Published On: Thu, Feb 16th, 2017

Prospective EMTs are training to save lives

HARTINGTON —  People might not realize just how important the local EMTs are until they are involved in a medical emergency.
It is a big relief, area residents say,  when they see EMTs come running toward the scene after a 911 call has been placed.
A lot of training, time and dedication go into becoming an Emergency Medical Technician.
Twelve area residents are currently enrolled in an EMT class at the Hartington Fire Hall.
Bryan Young, a Certified EMS Instructor for Nebraska, is teaching the classes, which are through Northeast Community College.
Brent Hilspetter, Coleridge, said the classes are a lot of work, but they will be worth it, because being an EMT,  “is a way to give back to the community.”

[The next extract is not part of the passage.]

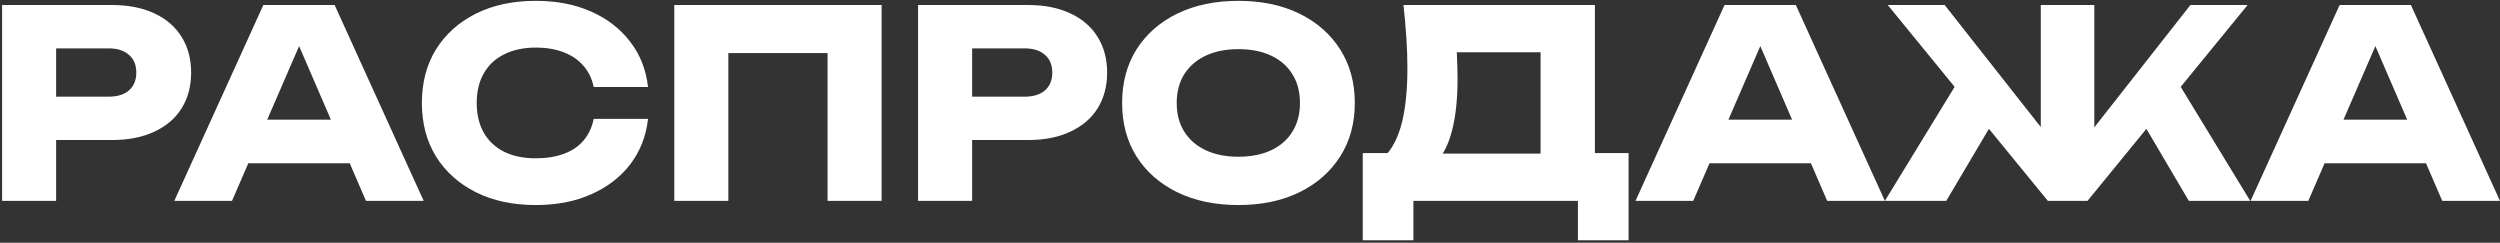 <?xml version="1.0" encoding="UTF-8"?> <svg xmlns="http://www.w3.org/2000/svg" width="999" height="97" viewBox="0 0 999 97" fill="none"><rect x="0" y="0" width="999" height="97" fill="#333333" stroke="none"/><path d="M44.763 2.005C51.302 2.005 56.937 3.118 61.667 5.344C66.467 7.57 70.119 10.736 72.623 14.84C75.128 18.875 76.38 23.605 76.38 29.031C76.38 34.388 75.128 39.118 72.623 43.222C70.119 47.257 66.467 50.388 61.667 52.614C56.937 54.84 51.302 55.953 44.763 55.953H10.85V38.631H43.406C46.884 38.631 49.597 37.796 51.545 36.127C53.493 34.388 54.467 32.022 54.467 29.031C54.467 25.97 53.493 23.605 51.545 21.936C49.597 20.196 46.884 19.327 43.406 19.327H12.728L22.432 9.31V80.266H0.832V2.005H44.763ZM92.086 65.24V47.814H146.033V65.24H92.086ZM133.72 2.005L169.303 80.266H146.242L116.399 11.188H122.659L92.712 80.266H69.651L105.233 2.005H133.72ZM258.948 47.501C258.183 54.388 255.818 60.44 251.853 65.657C247.888 70.805 242.67 74.805 236.201 77.657C229.801 80.509 222.427 81.935 214.079 81.935C204.966 81.935 197.001 80.231 190.184 76.822C183.366 73.413 178.044 68.648 174.218 62.527C170.462 56.405 168.584 49.275 168.584 41.135C168.584 32.996 170.462 25.866 174.218 19.744C178.044 13.623 183.366 8.857 190.184 5.449C197.001 2.04 204.966 0.336 214.079 0.336C222.427 0.336 229.801 1.762 236.201 4.614C242.67 7.466 247.888 11.501 251.853 16.718C255.818 21.866 258.183 27.883 258.948 34.77H237.244C236.548 31.431 235.192 28.614 233.175 26.318C231.157 23.953 228.514 22.144 225.244 20.892C222.044 19.64 218.323 19.014 214.079 19.014C209.21 19.014 205.001 19.918 201.453 21.727C197.905 23.466 195.192 26.005 193.314 29.344C191.436 32.614 190.497 36.544 190.497 41.135C190.497 45.727 191.436 49.692 193.314 53.031C195.192 56.3 197.905 58.84 201.453 60.648C205.001 62.388 209.21 63.257 214.079 63.257C218.323 63.257 222.044 62.666 225.244 61.483C228.514 60.3 231.157 58.527 233.175 56.161C235.192 53.796 236.548 50.909 237.244 47.501H258.948ZM352.297 2.005V80.266H330.697V11.396L340.401 21.205H281.341L291.045 11.396V80.266H269.445V2.005H352.297ZM410.793 2.005C417.332 2.005 422.967 3.118 427.697 5.344C432.497 7.57 436.15 10.736 438.654 14.84C441.158 18.875 442.41 23.605 442.41 29.031C442.41 34.388 441.158 39.118 438.654 43.222C436.15 47.257 432.497 50.388 427.697 52.614C422.967 54.84 417.332 55.953 410.793 55.953H376.88V38.631H409.437C412.915 38.631 415.628 37.796 417.576 36.127C419.524 34.388 420.497 32.022 420.497 29.031C420.497 25.97 419.524 23.605 417.576 21.936C415.628 20.196 412.915 19.327 409.437 19.327H378.759L388.463 9.31V80.266H366.863V2.005H410.793ZM494.84 81.935C485.588 81.935 477.449 80.231 470.423 76.822C463.466 73.413 458.04 68.648 454.145 62.527C450.318 56.405 448.405 49.275 448.405 41.135C448.405 32.996 450.318 25.866 454.145 19.744C458.04 13.623 463.466 8.857 470.423 5.449C477.449 2.04 485.588 0.336 494.84 0.336C504.162 0.336 512.301 2.04 519.257 5.449C526.214 8.857 531.64 13.623 535.535 19.744C539.431 25.866 541.379 32.996 541.379 41.135C541.379 49.275 539.431 56.405 535.535 62.527C531.64 68.648 526.214 73.413 519.257 76.822C512.301 80.231 504.162 81.935 494.84 81.935ZM494.84 62.631C499.918 62.631 504.301 61.761 507.988 60.022C511.675 58.283 514.492 55.814 516.44 52.614C518.457 49.414 519.466 45.588 519.466 41.135C519.466 36.683 518.457 32.857 516.44 29.657C514.492 26.457 511.675 23.988 507.988 22.249C504.301 20.509 499.918 19.64 494.84 19.64C489.831 19.64 485.483 20.509 481.797 22.249C478.11 23.988 475.257 26.457 473.24 29.657C471.223 32.857 470.214 36.683 470.214 41.135C470.214 45.588 471.223 49.414 473.24 52.614C475.257 55.814 478.11 58.283 481.797 60.022C485.483 61.761 489.831 62.631 494.84 62.631ZM544.557 96.022V61.17H561.461L568.348 61.379H622.608L628.034 61.17H650.782V96.022H630.539V80.266H564.8V96.022H544.557ZM560.835 2.005H637.321V74.213H615.617V11.083L625.426 20.892H572.313L581.287 13.692C581.843 16.892 582.156 19.988 582.226 22.979C582.365 25.97 582.435 28.822 582.435 31.535C582.435 39.675 581.704 46.527 580.243 52.092C578.852 57.657 576.73 61.866 573.878 64.718C571.095 67.57 567.582 68.996 563.339 68.996L554.261 61.483C557.043 58.214 559.096 53.761 560.417 48.127C561.739 42.422 562.4 35.396 562.4 27.049C562.4 23.223 562.261 19.223 561.982 15.049C561.704 10.875 561.322 6.527 560.835 2.005ZM675.982 65.24V47.814H729.929V65.24H675.982ZM717.616 2.005L753.199 80.266H730.138L700.295 11.188H706.556L676.608 80.266H653.547L689.13 2.005H717.616ZM753.202 80.266L784.089 29.762L799.845 42.909L777.724 80.266H753.202ZM874.662 80.266L852.645 42.909L868.401 29.762L899.184 80.266H874.662ZM836.889 60.544L830.941 58.457L875.288 2.005H898.14L834.176 80.266H818.315L754.35 2.005H777.098L821.549 58.457L815.497 60.544V2.005H836.889V60.544ZM921.768 65.24V47.814H975.716V65.24H921.768ZM963.403 2.005L998.985 80.266H975.925L946.081 11.188H952.342L922.395 80.266H899.334L934.916 2.005H963.403Z" fill="white"></path></svg> 
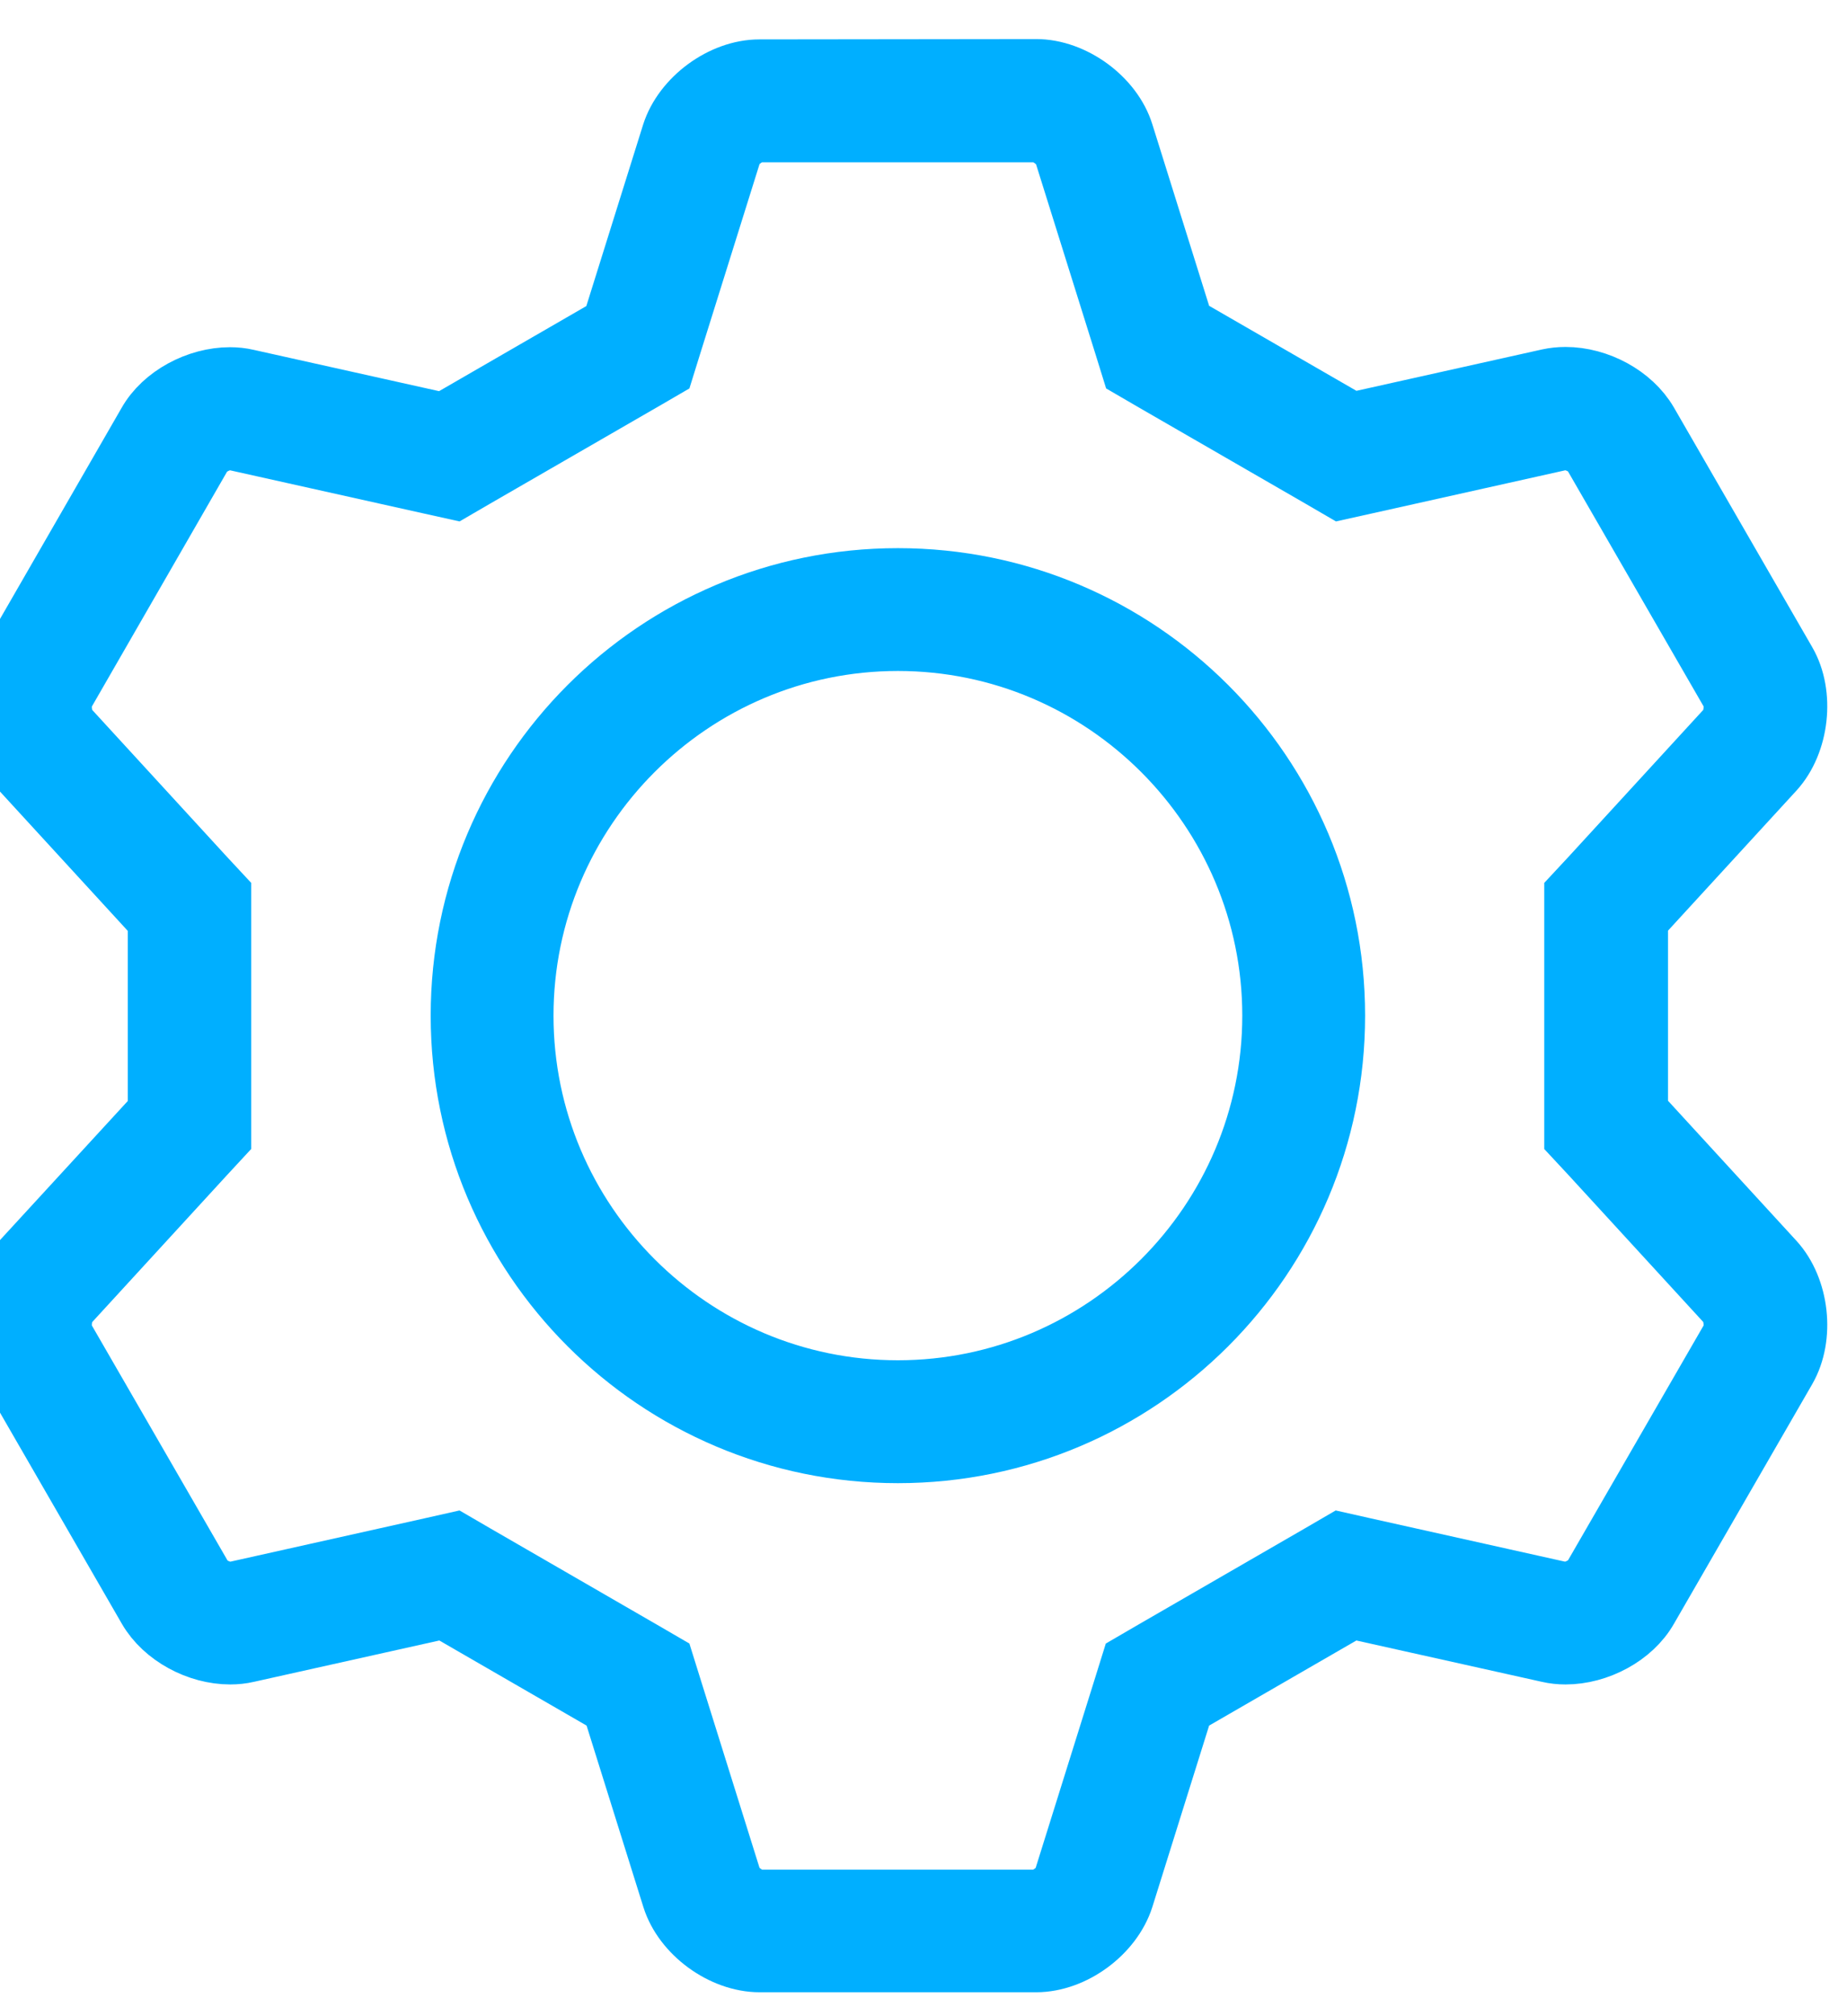 <?xml version="1.0" encoding="UTF-8"?> <svg xmlns="http://www.w3.org/2000/svg" width="22" height="24" viewBox="0 0 22 24" fill="none"><path d="M19.493 13.249V10.932L21.122 9.157C21.414 8.836 21.478 8.265 21.261 7.891L19.614 5.039C19.428 4.719 19.026 4.505 18.648 4.505C18.58 4.505 18.512 4.512 18.448 4.526L16.096 5.05L14.088 3.892L13.368 1.592C13.24 1.179 12.777 0.84 12.342 0.84H12.338L9.045 0.844C8.61 0.844 8.15 1.183 8.018 1.596L7.298 3.895L5.291 5.054L2.938 4.53C2.874 4.515 2.806 4.508 2.739 4.508C2.361 4.508 1.954 4.722 1.773 5.043L0.129 7.895C-0.088 8.272 -0.024 8.839 0.268 9.16L1.897 10.935V13.252L0.268 15.024C-0.024 15.345 -0.088 15.915 0.129 16.289L1.776 19.141C1.962 19.462 2.364 19.676 2.742 19.676C2.81 19.676 2.878 19.669 2.942 19.654L5.294 19.13L7.301 20.289L8.021 22.588C8.15 23.002 8.613 23.34 9.048 23.34H12.342C12.777 23.34 13.236 23.001 13.368 22.588L14.088 20.289L16.095 19.13L18.448 19.654C18.512 19.669 18.58 19.676 18.648 19.676C19.026 19.676 19.432 19.462 19.614 19.141L21.261 16.289C21.478 15.912 21.414 15.345 21.122 15.024L19.493 13.249L19.493 13.249ZM20.633 15.937L18.986 18.788C18.937 18.87 18.78 18.966 18.637 18.966C18.616 18.966 18.601 18.966 18.594 18.963L16.242 18.439L15.971 18.378L15.732 18.517L13.725 19.676L13.486 19.815L13.404 20.078L12.684 22.378C12.648 22.495 12.459 22.631 12.338 22.631H9.045C8.923 22.631 8.734 22.492 8.699 22.378L7.979 20.078L7.897 19.815L7.658 19.676L5.651 18.517L5.412 18.378L5.141 18.439L2.792 18.963C2.792 18.963 2.764 18.966 2.749 18.966C2.607 18.966 2.446 18.874 2.4 18.788L0.753 15.937C0.692 15.829 0.717 15.598 0.799 15.509L2.428 13.734L2.617 13.53V10.657L2.428 10.454L0.799 8.679C0.717 8.59 0.692 8.358 0.753 8.251L2.396 5.399C2.446 5.317 2.603 5.221 2.746 5.221C2.767 5.221 2.781 5.221 2.789 5.225L5.141 5.749L5.412 5.809L5.651 5.67L7.658 4.512L7.897 4.373L7.979 4.109L8.699 1.81C8.735 1.692 8.923 1.557 9.045 1.557H12.342C12.463 1.557 12.652 1.696 12.688 1.81L13.408 4.109L13.49 4.373L13.729 4.512L15.736 5.67L15.975 5.809L16.245 5.749L18.595 5.225C18.595 5.225 18.616 5.221 18.637 5.221C18.78 5.221 18.94 5.314 18.987 5.399L20.634 8.251C20.694 8.358 20.669 8.59 20.587 8.679L18.958 10.454L18.769 10.657V13.53L18.958 13.733L20.587 15.508C20.669 15.598 20.694 15.829 20.634 15.936L20.633 15.937Z" fill="#00AFFF" stroke="#00AFFF" stroke-width="0.75"></path><path d="M10.695 6.9C7.829 6.9 5.505 9.224 5.505 12.09C5.505 14.956 7.829 17.28 10.695 17.28C13.561 17.28 15.885 14.956 15.885 12.09C15.885 9.224 13.561 6.9 10.695 6.9ZM10.695 16.567C8.228 16.567 6.218 14.557 6.218 12.09C6.218 9.623 8.228 7.612 10.695 7.612C13.162 7.612 15.172 9.623 15.172 12.09C15.172 14.556 13.162 16.567 10.695 16.567Z" fill="#00AFFF" stroke="#00AFFF" stroke-width="0.75"></path></svg>

An EMT is required to complete 156 ½ hours of classroom training, utilizing a 1,280-page textbook. Ten hours of field work are also required.
Field work includes five patient contacts when riding along on ambulance calls. Checking the equipment in the ambulance or helping with the maintenance can also be part of the field work, according to Young.
Young has the students talk about their experiences in the ride-alongs at the beginning of the class.
Alisha Stone has been on close to a dozen EMT ride-along calls since November.
“It is good for us to do. It gets us used to working with the local squad,” she said. “This is something I have always wanted to do but it just never worked out for me to do this before. It is a good feeling to know you will be helping people. I have lived here all my life. I know so many people here.”